Treatment Efficacy of Combination-Therapy based on a Mechanistic Characterisation of Disease Processes in Type 2 Diabetes Mellitus over a two-year period
T.M. Post(1), W. de Winter(1), J. DeJongh(1, 2), I. Moules(3), R. Urquhart(3), D. Eckland(3) and M. Danhof(1, 2)
(1)LAP&P Consultants BV, Leiden, The Netherlands; (2)Leiden University, Leiden / Amsterdam Center for Drugs Research, Leiden, The Netherlands; (3)Takeda Europe Research and Development Centre, London, UK
Objective Type 2 Diabetes Mellitus (T2DM) is a chronic progressive disease in which specific disease processes (i.e. progressive decline in b-cell function and insulin sensitivity) result in loss of glycaemic control. Information regarding these processes facilitates differentiation between drug efficacies on a mechanistic basis. By modelling the homeostatic feedback relationship between insulin and fasting plasma glucose such process-information on the time-course of the b-cell function and insulin sensitivity can be derived. Recently, a mechanistic disease progression model was established which jointly characterizes the trajectories of insulin, fasting plasma glucose and HbA1c in relation to these specific disease processes. Treatments are incorporated into this comprehensive system at their corresponding target-site. In the current analysis this model was applied to evaluate the treatment effects on their ability to modify the disease processes in a new patient population of 1269 T2DM patients receiving combination-therapy during a period of two-years.

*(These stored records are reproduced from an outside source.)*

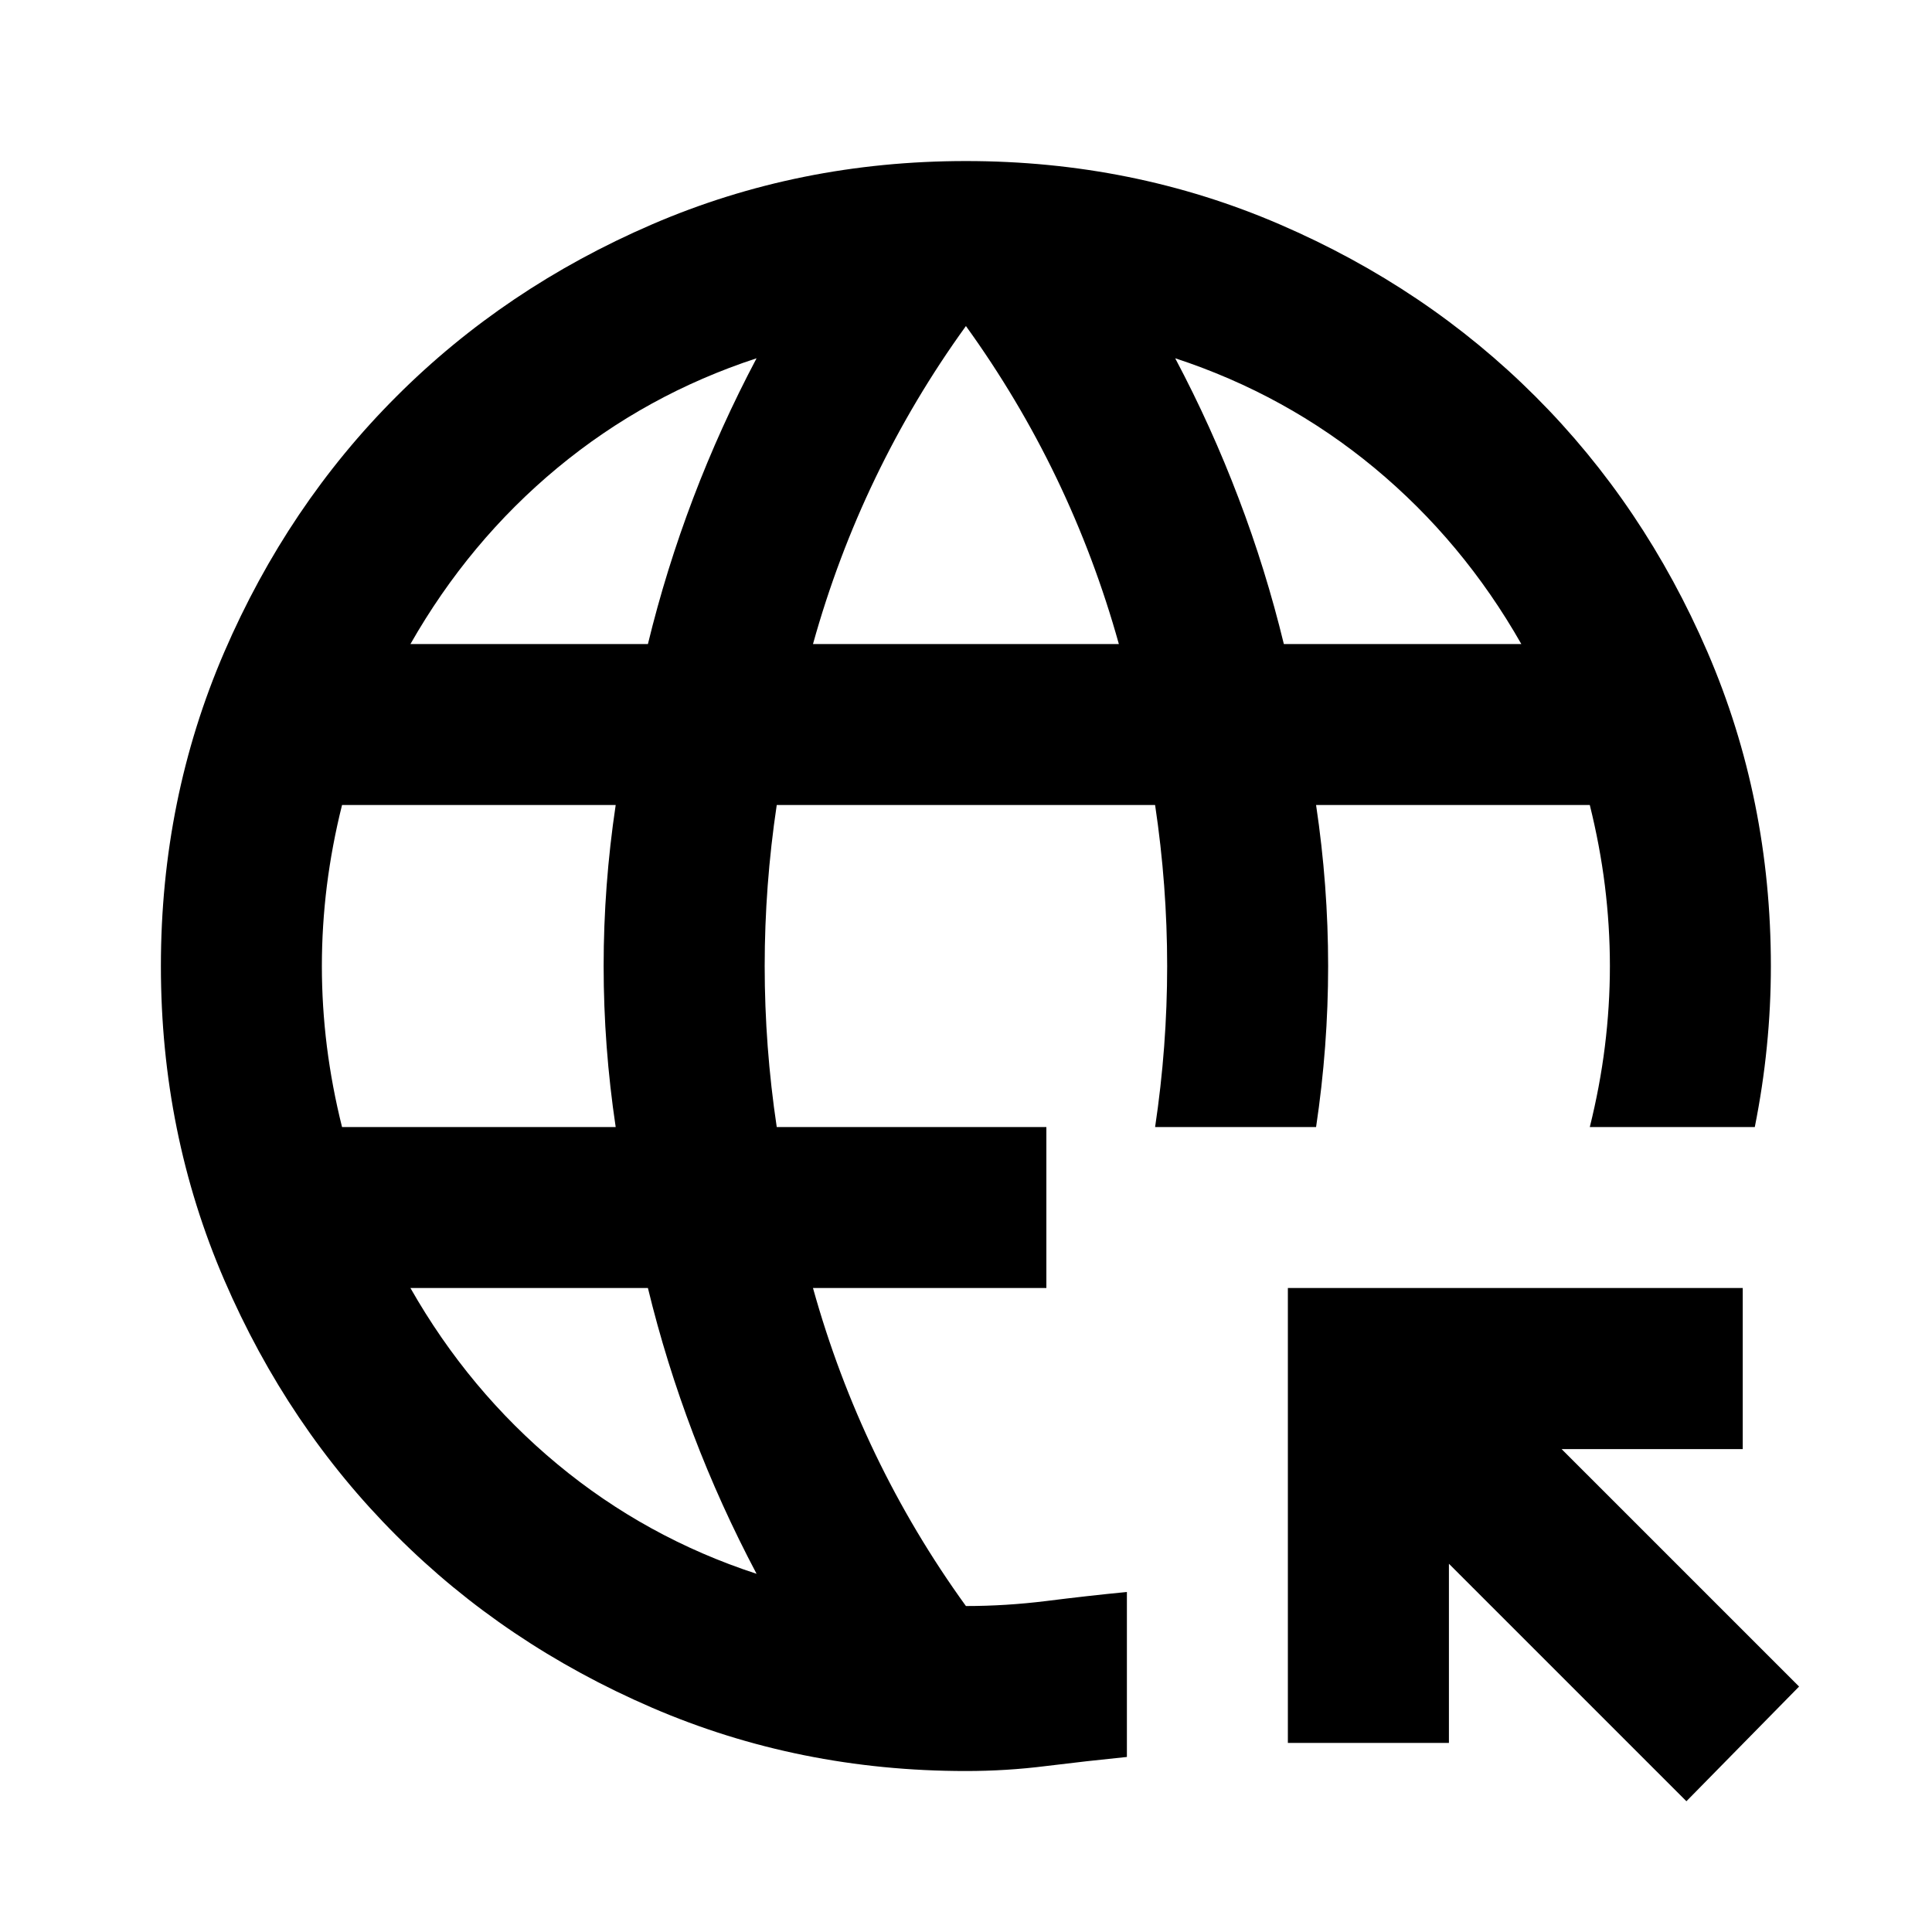 <svg width="25" height="25" viewBox="0 0 25 25" fill="none" xmlns="http://www.w3.org/2000/svg">
<path d="M21.822 23.308L18.749 20.235V22.553H16.665V16.667H22.551V18.751H20.207L23.28 21.824L21.822 23.308ZM12.499 22.917C11.058 22.917 9.704 22.644 8.436 22.097C7.169 21.55 6.066 20.808 5.129 19.87C4.191 18.933 3.449 17.831 2.902 16.563C2.355 15.296 2.082 13.942 2.082 12.501C2.082 11.06 2.355 9.706 2.902 8.438C3.449 7.171 4.191 6.068 5.129 5.131C6.066 4.193 7.169 3.451 8.436 2.904C9.704 2.357 11.058 2.084 12.499 2.084C13.94 2.084 15.294 2.357 16.561 2.904C17.829 3.451 18.931 4.193 19.869 5.131C20.806 6.068 21.548 7.171 22.095 8.438C22.642 9.706 22.915 11.06 22.915 12.501C22.915 12.848 22.898 13.195 22.863 13.542C22.829 13.889 22.776 14.237 22.707 14.584H20.572C20.658 14.237 20.724 13.889 20.767 13.542C20.81 13.195 20.832 12.848 20.832 12.501C20.832 12.153 20.81 11.806 20.767 11.459C20.724 11.112 20.658 10.764 20.572 10.417H17.03C17.082 10.764 17.121 11.112 17.147 11.459C17.173 11.806 17.186 12.153 17.186 12.501C17.186 12.848 17.173 13.195 17.147 13.542C17.121 13.889 17.082 14.237 17.03 14.584H14.947C14.999 14.237 15.038 13.889 15.064 13.542C15.09 13.195 15.103 12.848 15.103 12.501C15.103 12.153 15.09 11.806 15.064 11.459C15.038 11.112 14.999 10.764 14.947 10.417H10.051C9.999 10.764 9.96 11.112 9.934 11.459C9.908 11.806 9.895 12.153 9.895 12.501C9.895 12.848 9.908 13.195 9.934 13.542C9.96 13.889 9.999 14.237 10.051 14.584H13.54V16.667H10.52C10.728 17.414 10.997 18.13 11.327 18.816C11.657 19.502 12.047 20.157 12.499 20.782C12.846 20.782 13.193 20.76 13.54 20.717C13.888 20.673 14.235 20.634 14.582 20.6V22.735C14.235 22.77 13.888 22.809 13.54 22.852C13.193 22.896 12.846 22.917 12.499 22.917ZM4.426 14.584H7.967C7.915 14.237 7.876 13.889 7.85 13.542C7.824 13.195 7.811 12.848 7.811 12.501C7.811 12.153 7.824 11.806 7.85 11.459C7.876 11.112 7.915 10.764 7.967 10.417H4.426C4.339 10.764 4.274 11.112 4.23 11.459C4.187 11.806 4.165 12.153 4.165 12.501C4.165 12.848 4.187 13.195 4.23 13.542C4.274 13.889 4.339 14.237 4.426 14.584ZM5.311 8.334H8.384C8.54 7.692 8.736 7.062 8.97 6.446C9.204 5.83 9.478 5.226 9.79 4.636C8.835 4.949 7.976 5.422 7.212 6.055C6.448 6.689 5.815 7.449 5.311 8.334ZM9.79 20.365C9.478 19.775 9.204 19.172 8.97 18.555C8.736 17.939 8.54 17.31 8.384 16.667H5.311C5.815 17.553 6.448 18.312 7.212 18.946C7.976 19.58 8.835 20.053 9.79 20.365ZM10.52 8.334H14.478C14.27 7.587 14 6.871 13.671 6.186C13.341 5.5 12.95 4.844 12.499 4.219C12.047 4.844 11.657 5.5 11.327 6.186C10.997 6.871 10.728 7.587 10.52 8.334ZM16.613 8.334H19.686C19.183 7.449 18.549 6.689 17.785 6.055C17.021 5.422 16.162 4.949 15.207 4.636C15.52 5.226 15.793 5.83 16.027 6.446C16.262 7.062 16.457 7.692 16.613 8.334Z" fill="black"/>
</svg>

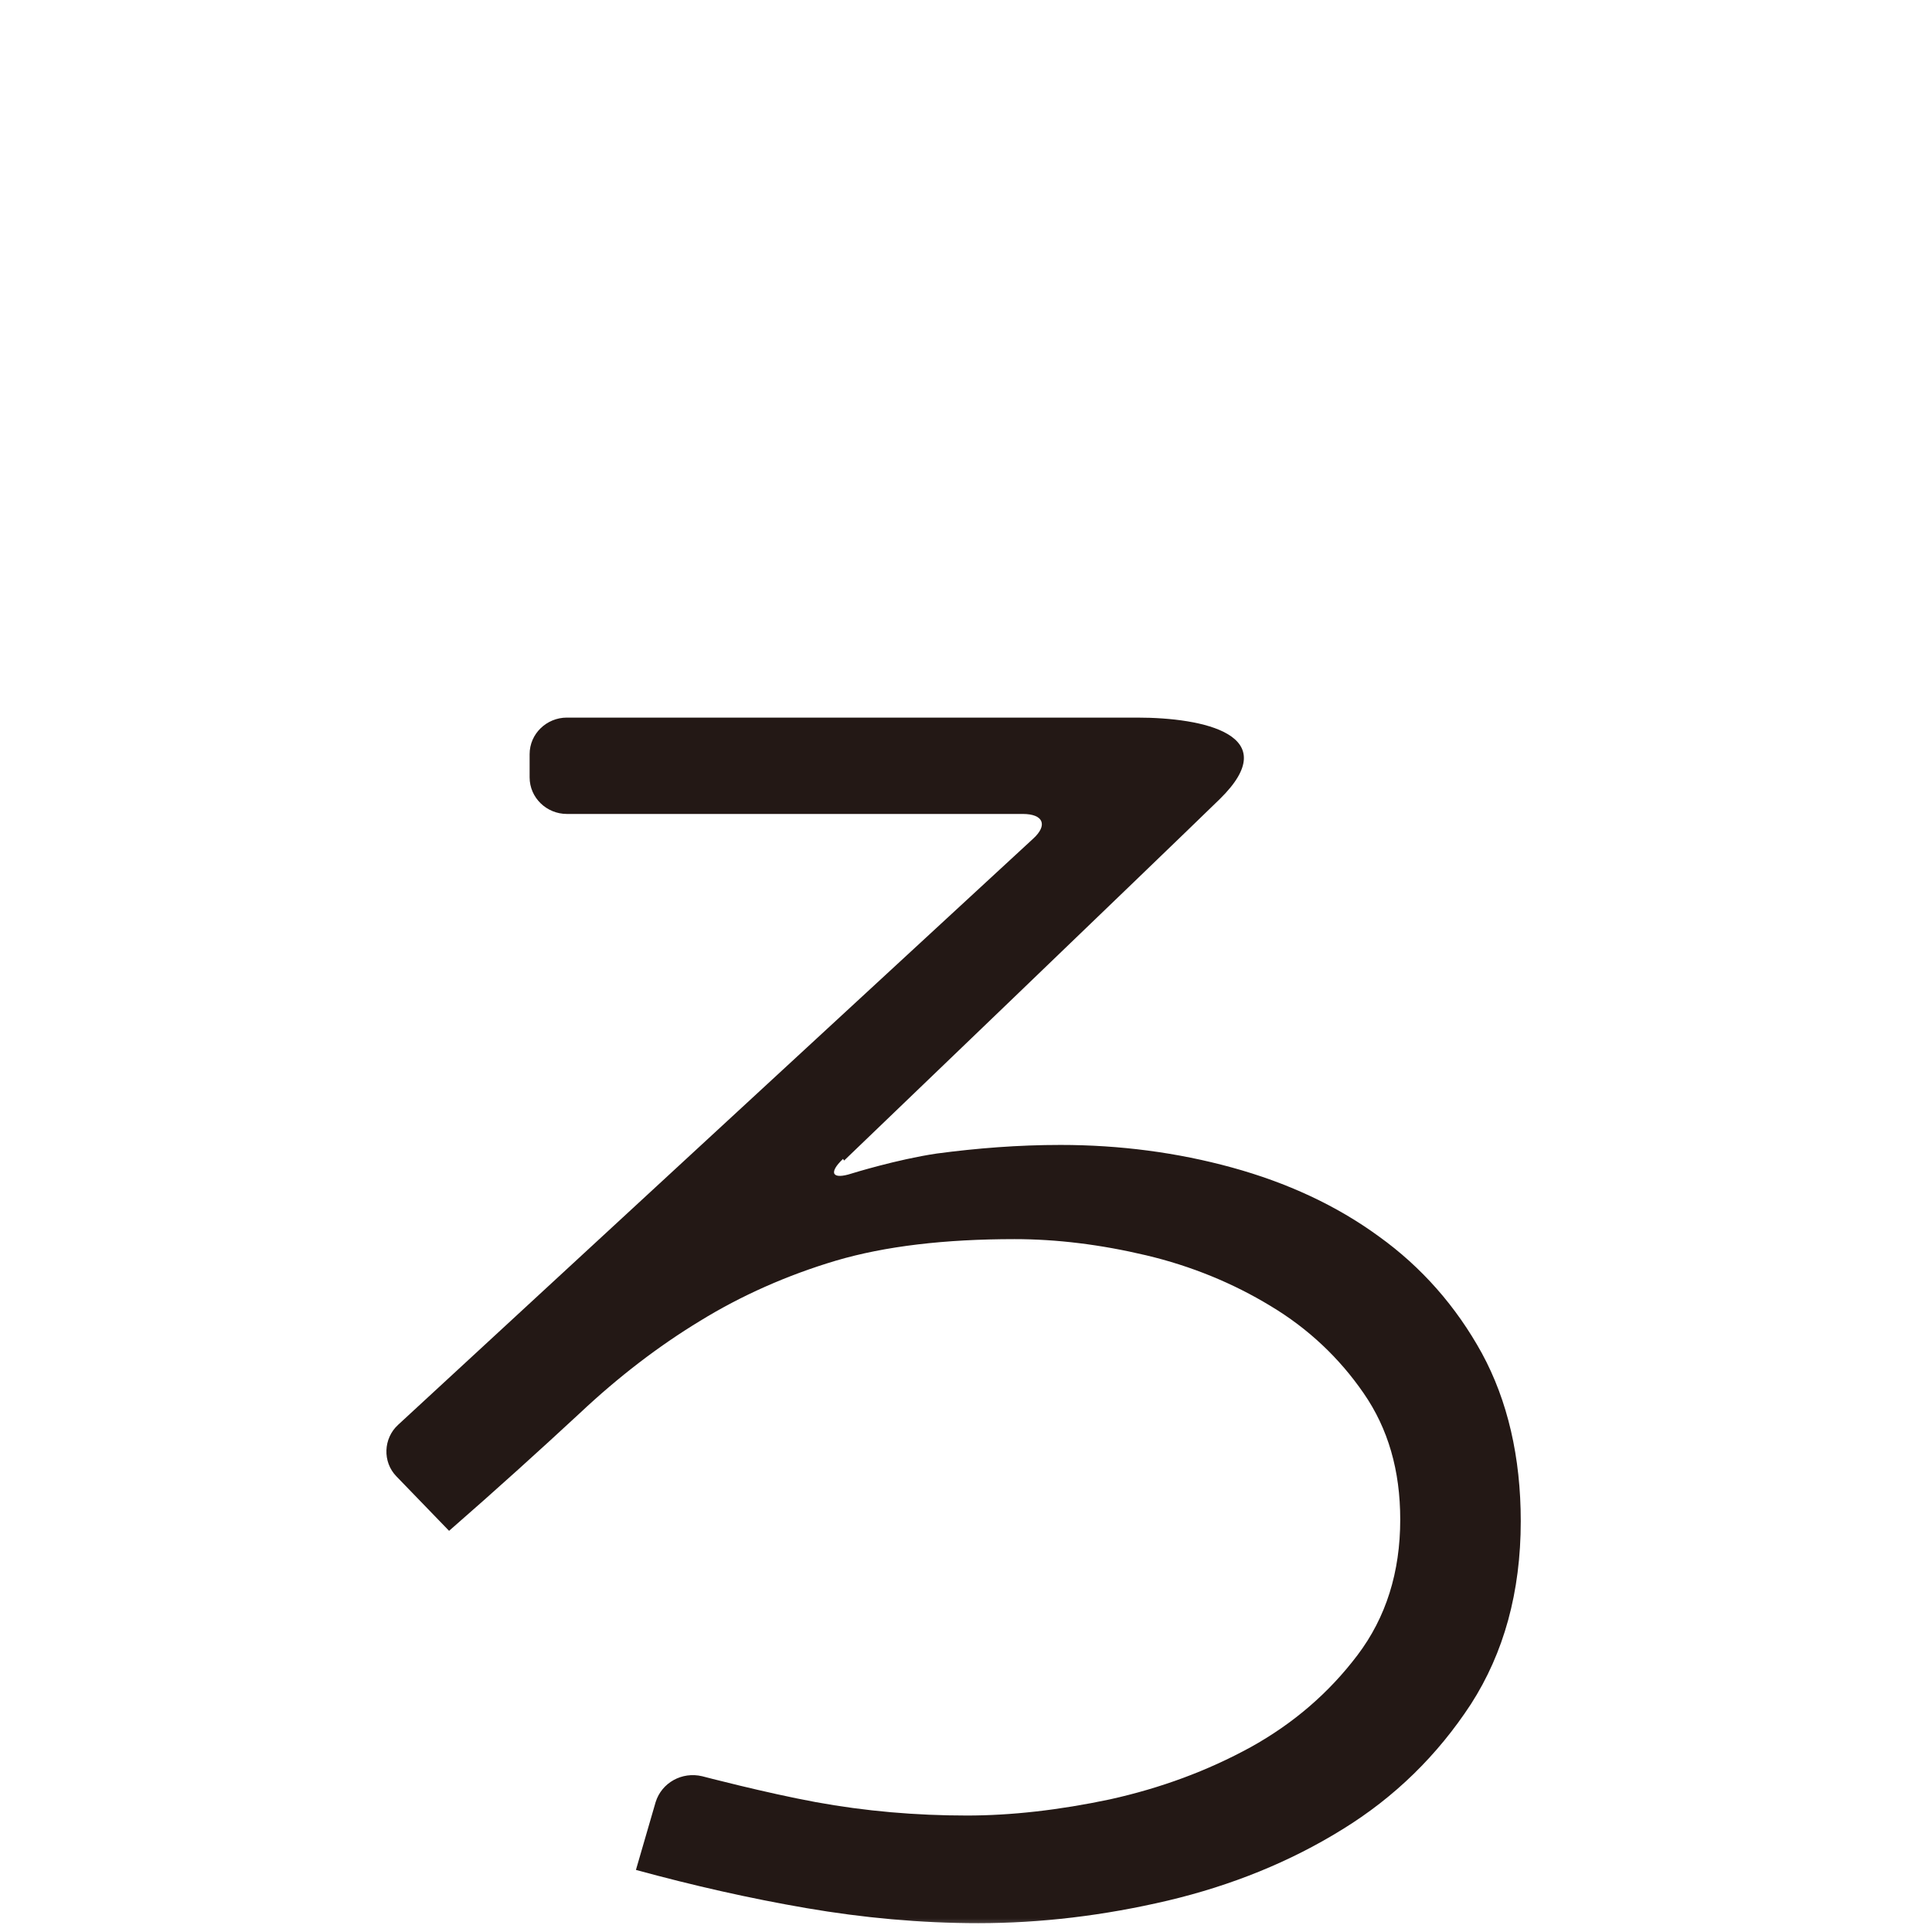 <svg width="70" height="70" viewBox="0 0 70 70" fill="none" xmlns="http://www.w3.org/2000/svg">
<mask id="mask0_139_317" style="mask-type:alpha" maskUnits="userSpaceOnUse" x="0" y="0" width="70" height="70">
<rect width="70" height="70" fill="#D9D9D9"/>
</mask>
<g mask="url(#mask0_139_317)">
<path d="M30.544 41.99C30.008 42.497 30.147 42.751 30.862 42.517C30.862 42.517 32.49 42.01 33.939 41.795C35.408 41.6 36.897 41.483 38.425 41.483C40.569 41.483 42.654 41.756 44.639 42.302C46.624 42.848 48.41 43.667 49.959 44.798C51.507 45.91 52.758 47.333 53.691 49.03C54.624 50.746 55.1 52.793 55.1 55.114C55.1 57.688 54.485 59.891 53.294 61.744C52.083 63.596 50.534 65.117 48.629 66.287C46.743 67.457 44.619 68.315 42.316 68.861C39.993 69.407 37.711 69.68 35.447 69.68C33.343 69.68 31.259 69.485 29.214 69.134C27.17 68.783 25.105 68.315 23.041 67.75L23.755 65.293C23.974 64.591 24.708 64.181 25.443 64.357C25.443 64.357 27.745 64.961 29.552 65.293C31.358 65.624 33.184 65.78 35.031 65.78C36.639 65.78 38.366 65.585 40.212 65.195C42.058 64.786 43.745 64.162 45.313 63.304C46.862 62.446 48.152 61.334 49.184 59.969C50.217 58.604 50.733 56.966 50.733 55.055C50.733 53.281 50.296 51.76 49.403 50.473C48.529 49.205 47.398 48.133 46.028 47.314C44.678 46.495 43.17 45.871 41.522 45.481C39.874 45.091 38.286 44.896 36.758 44.896C34.237 44.896 32.073 45.149 30.286 45.676C28.52 46.202 26.852 46.943 25.363 47.86C23.855 48.776 22.405 49.888 21.016 51.194C19.606 52.501 18.038 53.924 16.271 55.465L14.366 53.495C13.85 52.969 13.889 52.111 14.425 51.623L37.433 30.387C37.969 29.9 37.81 29.491 37.056 29.491H20.539C19.805 29.491 19.189 28.905 19.189 28.165V27.326C19.189 26.585 19.805 26 20.539 26H41.204C43.606 26 46.564 26.624 44.202 28.945C41.84 31.245 30.584 42.049 30.584 42.049" fill="#231815"/>
</g>
</svg>

Methods and Results Two Phase III studies were analysed, with one study comparing the efficacy of pioglitazone to metformin in combination-therapy of patients inadequately controlled by sulphonylurea. The other study compared pioglitazone to gliclazide in combination-therapy of patients inadequately controlled by metformin. The T2DM mechanistic disease progression model was able to adequately capture the characteristics of these newly acquired results. To evaluate drug effects on disease progression, the specific disease processes under influence of combination therapy were analysed. It was found that the treatment groups involving pioglitazone and the treatment group concerning sulphonylurea with metformin as add-on showed an improvement in b-cell function throughout the two-year trial period. In contrast, the combination of gliclazide added to metformin showed a continuing decline in b-cell function after a largely symptomatic effect on this disease process. All treatment groups, except for that with gliclazide, showed a symptomatic effect on insulin sensitivity and pioglitazone added to metformin showed a significant protective effect to loss of insulin sensitivity as compared to the other treatment combinations.
Conclusions In conclusion, the mechanistic disease progression model enabled the charaterisation of the specific disease processes and the resulting biomarker dynamics in T2DM patients on combination-therapy over a period of two-years. Specifically, the model allowed the evaluation of combination-therapy efficacies on the time-course of the b-cell function and insulin sensitivity.